PROBLEM STATEMENT ->
In your reply, write out the records exactly, each line intact.

DATA FOR PROCESSING ->
───

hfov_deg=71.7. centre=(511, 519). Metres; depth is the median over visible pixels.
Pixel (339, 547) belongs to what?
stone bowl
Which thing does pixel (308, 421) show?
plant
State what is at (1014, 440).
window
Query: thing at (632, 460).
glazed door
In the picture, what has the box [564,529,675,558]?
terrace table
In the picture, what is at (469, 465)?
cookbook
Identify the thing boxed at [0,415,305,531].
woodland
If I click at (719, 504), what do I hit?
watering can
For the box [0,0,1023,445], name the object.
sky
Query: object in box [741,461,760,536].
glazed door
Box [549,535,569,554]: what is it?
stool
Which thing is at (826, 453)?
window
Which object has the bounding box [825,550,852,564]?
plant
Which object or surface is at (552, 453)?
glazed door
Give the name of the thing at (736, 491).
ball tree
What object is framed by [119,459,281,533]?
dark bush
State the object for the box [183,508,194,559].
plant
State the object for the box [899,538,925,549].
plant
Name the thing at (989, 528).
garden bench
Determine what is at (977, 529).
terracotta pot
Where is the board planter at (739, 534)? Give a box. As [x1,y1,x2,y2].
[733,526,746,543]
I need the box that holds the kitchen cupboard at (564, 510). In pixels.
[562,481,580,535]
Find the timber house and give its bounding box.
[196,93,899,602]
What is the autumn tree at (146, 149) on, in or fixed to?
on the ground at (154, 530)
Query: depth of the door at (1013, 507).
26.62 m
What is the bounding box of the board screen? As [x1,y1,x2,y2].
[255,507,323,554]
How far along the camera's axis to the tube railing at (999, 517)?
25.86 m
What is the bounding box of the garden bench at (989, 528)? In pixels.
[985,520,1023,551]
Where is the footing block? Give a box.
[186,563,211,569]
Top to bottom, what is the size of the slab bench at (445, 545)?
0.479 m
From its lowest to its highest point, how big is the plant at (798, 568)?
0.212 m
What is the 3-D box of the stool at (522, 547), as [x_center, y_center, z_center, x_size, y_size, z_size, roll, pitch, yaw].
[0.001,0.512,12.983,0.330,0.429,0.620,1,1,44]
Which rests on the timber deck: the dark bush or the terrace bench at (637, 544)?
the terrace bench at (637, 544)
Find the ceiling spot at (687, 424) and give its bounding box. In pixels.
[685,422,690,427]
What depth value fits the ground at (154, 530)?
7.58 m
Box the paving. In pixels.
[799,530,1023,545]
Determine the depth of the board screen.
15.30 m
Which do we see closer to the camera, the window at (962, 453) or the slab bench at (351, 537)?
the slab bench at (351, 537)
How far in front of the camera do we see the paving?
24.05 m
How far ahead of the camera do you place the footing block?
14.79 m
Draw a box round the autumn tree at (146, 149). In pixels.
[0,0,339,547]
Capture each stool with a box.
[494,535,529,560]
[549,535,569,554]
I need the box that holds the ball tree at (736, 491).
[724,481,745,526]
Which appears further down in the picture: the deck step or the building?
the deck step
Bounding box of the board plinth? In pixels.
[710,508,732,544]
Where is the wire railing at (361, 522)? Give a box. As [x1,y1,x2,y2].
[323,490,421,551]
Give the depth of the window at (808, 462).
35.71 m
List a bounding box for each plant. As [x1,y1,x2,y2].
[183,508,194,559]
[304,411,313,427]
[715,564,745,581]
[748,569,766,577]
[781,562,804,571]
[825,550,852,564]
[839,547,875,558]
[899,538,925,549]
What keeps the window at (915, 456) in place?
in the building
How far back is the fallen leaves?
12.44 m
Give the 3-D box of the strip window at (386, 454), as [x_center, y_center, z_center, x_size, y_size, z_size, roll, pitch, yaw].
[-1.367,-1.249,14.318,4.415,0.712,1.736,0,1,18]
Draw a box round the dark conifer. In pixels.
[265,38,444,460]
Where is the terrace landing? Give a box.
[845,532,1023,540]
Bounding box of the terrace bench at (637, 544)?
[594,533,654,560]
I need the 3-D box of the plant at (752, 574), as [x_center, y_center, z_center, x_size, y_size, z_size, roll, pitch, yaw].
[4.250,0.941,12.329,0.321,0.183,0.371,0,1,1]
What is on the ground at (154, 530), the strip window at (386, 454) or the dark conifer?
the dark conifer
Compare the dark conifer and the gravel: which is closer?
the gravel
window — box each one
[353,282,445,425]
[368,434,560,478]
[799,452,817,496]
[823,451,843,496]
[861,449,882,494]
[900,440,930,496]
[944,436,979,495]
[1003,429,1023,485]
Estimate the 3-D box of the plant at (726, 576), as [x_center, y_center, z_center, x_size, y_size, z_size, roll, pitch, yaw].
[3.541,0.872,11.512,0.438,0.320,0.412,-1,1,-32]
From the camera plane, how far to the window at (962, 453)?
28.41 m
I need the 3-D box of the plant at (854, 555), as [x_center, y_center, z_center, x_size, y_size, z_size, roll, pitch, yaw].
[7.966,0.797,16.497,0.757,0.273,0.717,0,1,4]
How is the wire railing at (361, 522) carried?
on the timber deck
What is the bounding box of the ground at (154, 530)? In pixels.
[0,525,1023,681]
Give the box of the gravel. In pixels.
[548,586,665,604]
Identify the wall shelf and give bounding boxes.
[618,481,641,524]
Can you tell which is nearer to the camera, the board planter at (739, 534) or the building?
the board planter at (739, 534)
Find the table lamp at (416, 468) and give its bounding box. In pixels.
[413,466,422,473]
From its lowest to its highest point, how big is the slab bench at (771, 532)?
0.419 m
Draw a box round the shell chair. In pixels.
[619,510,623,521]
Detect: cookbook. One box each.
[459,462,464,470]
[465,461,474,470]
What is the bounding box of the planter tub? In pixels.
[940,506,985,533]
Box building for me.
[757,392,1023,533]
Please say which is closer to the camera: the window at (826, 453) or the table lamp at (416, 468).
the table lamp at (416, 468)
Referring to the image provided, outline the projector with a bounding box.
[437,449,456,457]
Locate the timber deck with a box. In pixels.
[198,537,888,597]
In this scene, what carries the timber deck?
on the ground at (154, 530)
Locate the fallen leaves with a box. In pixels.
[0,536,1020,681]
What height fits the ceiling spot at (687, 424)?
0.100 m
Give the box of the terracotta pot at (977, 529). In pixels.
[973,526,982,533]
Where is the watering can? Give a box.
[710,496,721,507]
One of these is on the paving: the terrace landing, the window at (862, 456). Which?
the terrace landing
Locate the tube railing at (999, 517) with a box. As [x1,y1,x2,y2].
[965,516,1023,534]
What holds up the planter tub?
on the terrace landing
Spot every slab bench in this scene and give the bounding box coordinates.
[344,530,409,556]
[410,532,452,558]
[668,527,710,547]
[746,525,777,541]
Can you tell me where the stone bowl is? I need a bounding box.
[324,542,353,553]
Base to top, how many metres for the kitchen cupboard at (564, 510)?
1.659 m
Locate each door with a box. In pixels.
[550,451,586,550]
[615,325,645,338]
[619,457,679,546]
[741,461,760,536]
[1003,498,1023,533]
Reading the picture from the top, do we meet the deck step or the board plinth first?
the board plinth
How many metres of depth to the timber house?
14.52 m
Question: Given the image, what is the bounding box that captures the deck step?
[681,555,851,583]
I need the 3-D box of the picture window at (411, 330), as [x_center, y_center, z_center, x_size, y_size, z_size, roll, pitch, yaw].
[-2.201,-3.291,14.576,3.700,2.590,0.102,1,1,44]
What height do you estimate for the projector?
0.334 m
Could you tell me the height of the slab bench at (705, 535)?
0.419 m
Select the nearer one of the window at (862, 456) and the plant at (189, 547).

───

ANSWER FOR THIS EXERCISE ->
hfov_deg=71.7. centre=(511, 519). Metres; depth is the median over visible pixels.
Pixel (339, 547) belongs to what?
stone bowl
Which thing does pixel (308, 421) show?
plant
State what is at (1014, 440).
window
Query: thing at (632, 460).
glazed door
In the picture, what has the box [564,529,675,558]?
terrace table
In the picture, what is at (469, 465)?
cookbook
Identify the thing boxed at [0,415,305,531].
woodland
If I click at (719, 504), what do I hit?
watering can
For the box [0,0,1023,445], name the object.
sky
Query: object in box [741,461,760,536].
glazed door
Box [549,535,569,554]: what is it?
stool
Which thing is at (826, 453)?
window
Which object has the bounding box [825,550,852,564]?
plant
Which object or surface is at (552, 453)?
glazed door
Give the name of the thing at (736, 491).
ball tree
What object is framed by [119,459,281,533]?
dark bush
State the object for the box [183,508,194,559].
plant
State the object for the box [899,538,925,549].
plant
Name the thing at (989, 528).
garden bench
Determine what is at (977, 529).
terracotta pot
Where is the board planter at (739, 534)? Give a box. As [x1,y1,x2,y2].
[733,526,746,543]
I need the box that holds the kitchen cupboard at (564, 510). In pixels.
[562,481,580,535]
Find the timber house and give its bounding box.
[196,93,899,602]
What is the autumn tree at (146, 149) on, in or fixed to?
on the ground at (154, 530)
Query: depth of the door at (1013, 507).
26.62 m
What is the bounding box of the board screen? As [x1,y1,x2,y2].
[255,507,323,554]
How far along the camera's axis to the tube railing at (999, 517)?
25.86 m
What is the bounding box of the garden bench at (989, 528)? In pixels.
[985,520,1023,551]
Where is the footing block? Give a box.
[186,563,211,569]
Top to bottom, what is the size of the slab bench at (445, 545)?
0.479 m
From its lowest to its highest point, how big is the plant at (798, 568)?
0.212 m
What is the 3-D box of the stool at (522, 547), as [x_center, y_center, z_center, x_size, y_size, z_size, roll, pitch, yaw].
[0.001,0.512,12.983,0.330,0.429,0.620,1,1,44]
Which rests on the timber deck: the dark bush or the terrace bench at (637, 544)?
the terrace bench at (637, 544)
Find the ceiling spot at (687, 424) and give its bounding box. In pixels.
[685,422,690,427]
What depth value fits the ground at (154, 530)?
7.58 m
Box the paving. In pixels.
[799,530,1023,545]
Determine the depth of the board screen.
15.30 m
Which do we see closer to the camera, the window at (962, 453) or the slab bench at (351, 537)?
the slab bench at (351, 537)
How far in front of the camera do we see the paving?
24.05 m
How far ahead of the camera do you place the footing block?
14.79 m
Draw a box round the autumn tree at (146, 149). In pixels.
[0,0,339,547]
Capture each stool with a box.
[494,535,529,560]
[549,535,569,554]
I need the box that holds the ball tree at (736, 491).
[724,481,745,526]
Which appears further down in the picture: the deck step or the building?
the deck step
Bounding box of the board plinth? In pixels.
[710,508,732,544]
Where is the wire railing at (361, 522)? Give a box. As [x1,y1,x2,y2].
[323,490,421,551]
Give the depth of the window at (808, 462).
35.71 m
List a bounding box for each plant. As [x1,y1,x2,y2].
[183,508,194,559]
[304,411,313,427]
[715,564,745,581]
[748,569,766,577]
[781,562,804,571]
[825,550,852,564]
[839,547,875,558]
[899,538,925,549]
What keeps the window at (915, 456) in place?
in the building
How far back is the fallen leaves?
12.44 m
Give the 3-D box of the strip window at (386, 454), as [x_center, y_center, z_center, x_size, y_size, z_size, roll, pitch, yaw].
[-1.367,-1.249,14.318,4.415,0.712,1.736,0,1,18]
Draw a box round the dark conifer. In pixels.
[265,38,444,460]
Where is the terrace landing? Give a box.
[845,532,1023,540]
Bounding box of the terrace bench at (637, 544)?
[594,533,654,560]
I need the 3-D box of the plant at (752, 574), as [x_center, y_center, z_center, x_size, y_size, z_size, roll, pitch, yaw].
[4.250,0.941,12.329,0.321,0.183,0.371,0,1,1]
What is on the ground at (154, 530), the strip window at (386, 454) or the dark conifer?
the dark conifer
Compare the dark conifer and the gravel: which is closer?
the gravel
window — box each one
[353,282,445,425]
[368,434,560,478]
[799,452,817,496]
[823,451,843,496]
[861,449,882,494]
[900,440,930,496]
[944,436,979,495]
[1003,429,1023,485]
Estimate the 3-D box of the plant at (726, 576), as [x_center, y_center, z_center, x_size, y_size, z_size, roll, pitch, yaw].
[3.541,0.872,11.512,0.438,0.320,0.412,-1,1,-32]
From the camera plane, how far to the window at (962, 453)?
28.41 m
I need the 3-D box of the plant at (854, 555), as [x_center, y_center, z_center, x_size, y_size, z_size, roll, pitch, yaw].
[7.966,0.797,16.497,0.757,0.273,0.717,0,1,4]
How is the wire railing at (361, 522) carried?
on the timber deck
What is the bounding box of the ground at (154, 530)? In pixels.
[0,525,1023,681]
Give the box of the gravel. In pixels.
[548,586,665,604]
Identify the wall shelf and give bounding boxes.
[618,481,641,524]
Can you tell which is nearer to the camera, the board planter at (739, 534) or the building?
the board planter at (739, 534)
Find the table lamp at (416, 468) and give its bounding box. In pixels.
[413,466,422,473]
From its lowest to its highest point, how big is the slab bench at (771, 532)?
0.419 m
Draw a box round the shell chair. In pixels.
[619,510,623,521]
Detect: cookbook. One box each.
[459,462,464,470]
[465,461,474,470]
What is the bounding box of the planter tub? In pixels.
[940,506,985,533]
Box building for me.
[757,392,1023,533]
Please say which is closer to the camera: the window at (826, 453) or the table lamp at (416, 468).
the table lamp at (416, 468)
Referring to the image provided, outline the projector with a bounding box.
[437,449,456,457]
Locate the timber deck with a box. In pixels.
[198,537,888,597]
In this scene, what carries the timber deck?
on the ground at (154, 530)
Locate the fallen leaves with a box. In pixels.
[0,536,1020,681]
What height fits the ceiling spot at (687, 424)?
0.100 m
Give the box of the terracotta pot at (977, 529). In pixels.
[973,526,982,533]
Where is the watering can? Give a box.
[710,496,721,507]
One of these is on the paving: the terrace landing, the window at (862, 456). Which?
the terrace landing
Locate the tube railing at (999, 517) with a box. As [x1,y1,x2,y2].
[965,516,1023,534]
What holds up the planter tub?
on the terrace landing
Spot every slab bench in this scene and give the bounding box coordinates.
[344,530,409,556]
[410,532,452,558]
[668,527,710,547]
[746,525,777,541]
Can you tell me where the stone bowl is? I need a bounding box.
[324,542,353,553]
Base to top, how many metres for the kitchen cupboard at (564, 510)?
1.659 m
Locate each door with a box. In pixels.
[550,451,586,550]
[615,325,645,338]
[619,457,679,546]
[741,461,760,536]
[1003,498,1023,533]
Reading the picture from the top, do we meet the deck step or the board plinth first?
the board plinth
How many metres of depth to the timber house?
14.52 m
Question: Given the image, what is the bounding box that captures the deck step?
[681,555,851,583]
I need the 3-D box of the picture window at (411, 330), as [x_center, y_center, z_center, x_size, y_size, z_size, roll, pitch, yaw].
[-2.201,-3.291,14.576,3.700,2.590,0.102,1,1,44]
What height do you estimate for the projector?
0.334 m
Could you tell me the height of the slab bench at (705, 535)?
0.419 m
Select the nearer one of the window at (862, 456) and the plant at (189, 547).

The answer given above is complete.